ISIS neighbors have cold feet over US bombing plans

Key US allies, Turkey and Jordan, are thought to backing away from US calls for a 'bomb ISIS' coalition.

READ MORE: ISIS Fight Club: France is in while Germany not so willing

Ankara is a notable absentee among the nations that signed a joint communiqué at a Thursday meeting in Saudi Arabia, where US Secretary of State John Kerry was drumming up support for the US anti-Islamist effort. Turkey refused to join 10 Arab nations, who vowed to contribute “as appropriate” to the fight against the Islamic State (IS, formerly ISIS) militants, who have taken over swathes of Syria and Iraq in a bid to create a fundamentalist Islamist caliphate.

Turkey, a NATO member, borders both Syria and Iraq from the north, but it will not allow the US to use its facilities in operations against the IS, a government official in Ankara told AFP.

“Turkey will not be involved in any armed operation but will entirely concentrate on humanitarian operations,” the official said on condition of anonymity. He added that Ankara would not even supply weapons to whoever would fight against the IS.

The position is reminiscent of the 2003 US invasion of Saddam Hussein’s Iraq, when Turkey refused to allow the US station 60,000 in the country or use its airfields to launch sorties on Iraq.

The official explained that Turkey’s hands on the matter are tied because the IS militants hold hostage 49 Turkish citizens, including diplomatic staff and their families. The Turks were captured by the extremists in a consulate in Mosul, when the Iraqi city was captured in a lighting offensive in June.

US Secretary of State John Kerry stands amid his counterparts from Egypt, Kuwait, Saudi Arabia, Bahrain and Lebanon during a family photo at King Abdulaziz International Airport’s Royal Terminal in Jeddah September 11, 2014. (Reuters/Brendan Smialowski)

There is also a more strategic consideration for Ankara to weigh up amid the anti-IS campaign. The US and some European countries have started arming Iraqi Kurd militias, who found themselves one of the few armed forces on the ground that can fight back the Islamists.

Turkey fears that those weapons may end up in the hands of the Kurdistan Workers’ Party (PKK), an organization considered terrorist by Ankara due to its history of separatist violence in the country. The concerns were discussed with US Secretary of Defense Chuck Hagel, who held closed-door talks with Turkish officials on Monday.

The inflow of arms, which would be part of the US-led anti-IS campaign is a matter of concern for another neighbor of both Syria and Iraq, Jordan. The Arab ally of Washington is concerned with the plans to arm and train more fighters of the Free Syrian Army, a supposedly moderate militant force fighting against the Syrian government.

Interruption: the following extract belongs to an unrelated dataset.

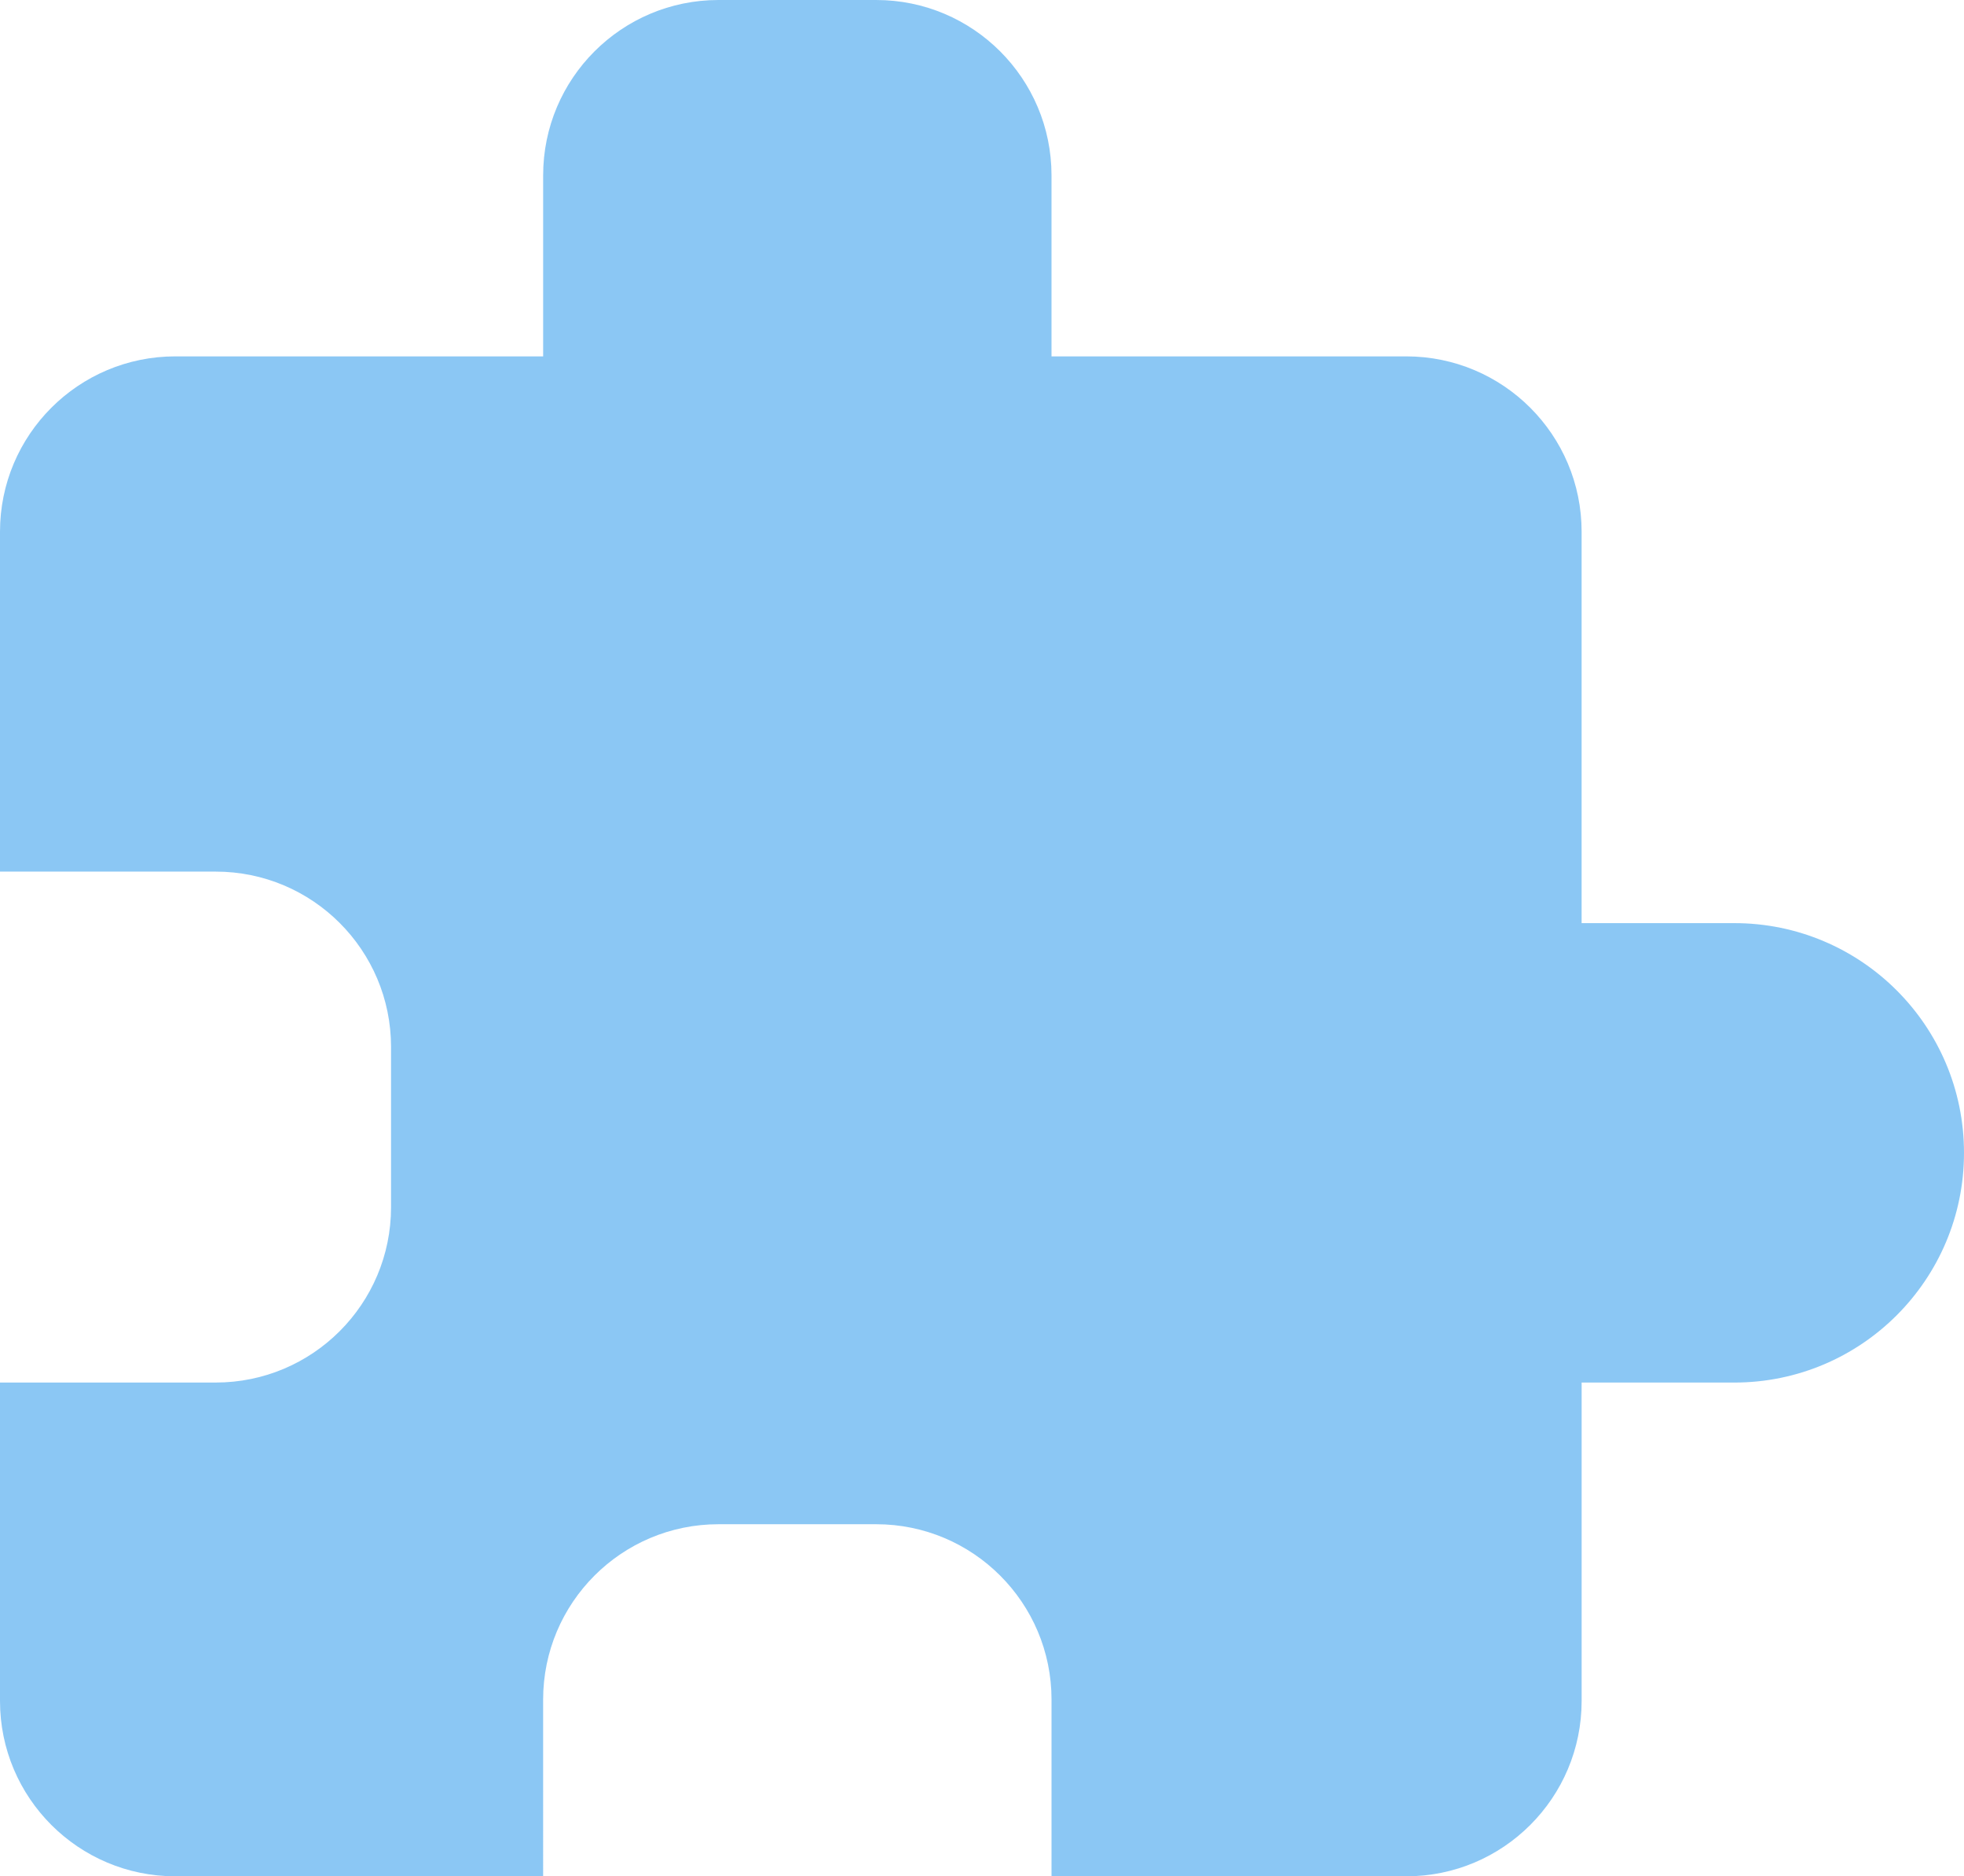 <svg width="112" height="107" fill="none" xmlns="http://www.w3.org/2000/svg"><path opacity=".5" d="M0 97V78.842h12.3c5.524 0 10-4.477 10-10v-9.137c0-5.523-4.476-10-10-10H0V30.323c0-5.523 4.477-10 10-10h20.974V10c0-5.523 4.477-10 10-10h8.99c5.523 0 10 4.477 10 10v10.323h20.23c5.523 0 10 4.477 10 10v22.32H98.9c7.235 0 13.1 5.865 13.1 13.1 0 7.234-5.865 13.1-13.1 13.1h-8.705V97c0 5.523-4.477 10-10 10h-20.23V96.922c0-5.523-4.478-10-10-10h-8.992c-5.522 0-10 4.477-10 10V107H10c-5.523 0-10-4.477-10-10z" fill="#1991EB"/></svg>

The planned ramp-up of support of the group is hoped to counterbalance the newfound strength of the IS. The FSA would then be able to fight against the IS as well as the Syrian government forces, the plan goes.

But the Syrian government is far from being sure that the FSA now is as moderate as Washington paints them to be, reports the World News Daily, a US conservative news website. The report cites a senior Jordanian security official as saying that Amman views the Syrian rebel group in its current state as ideologically close to extremists like the Al-Qaeda-linked Al-Nusra Front and the IS itself.

An image grab taken from a propaganda video uploaded on June 11, 2014 by jihadist group the Islamic State of Iraq and the Levant (ISIL) allegedly shows ISIL militants gathering at an undisclosed location in Iraq's Nineveh province. (AFP Photo)

In addition to practical considerations, America’s plans raise legal questions. Washington said it may bomb the IS in Syria as well as in Iraq. While Baghdad invited and welcomed the military action in its territory, Damascus warned that it would treat any such move unsanctioned by the Syrian government as an act of aggression. Washington said it would not seek such permission.

A UN Security Council mandate might authorize military action in Syria despite the objections from Damascus, but obtaining one would require consent from Russia and China, who have veto power in the international security body. Russia already backed Syria’s concerns, saying that if a US airstrike happened to hit government forces, it would “have grave consequences in terms of escalation of tension.”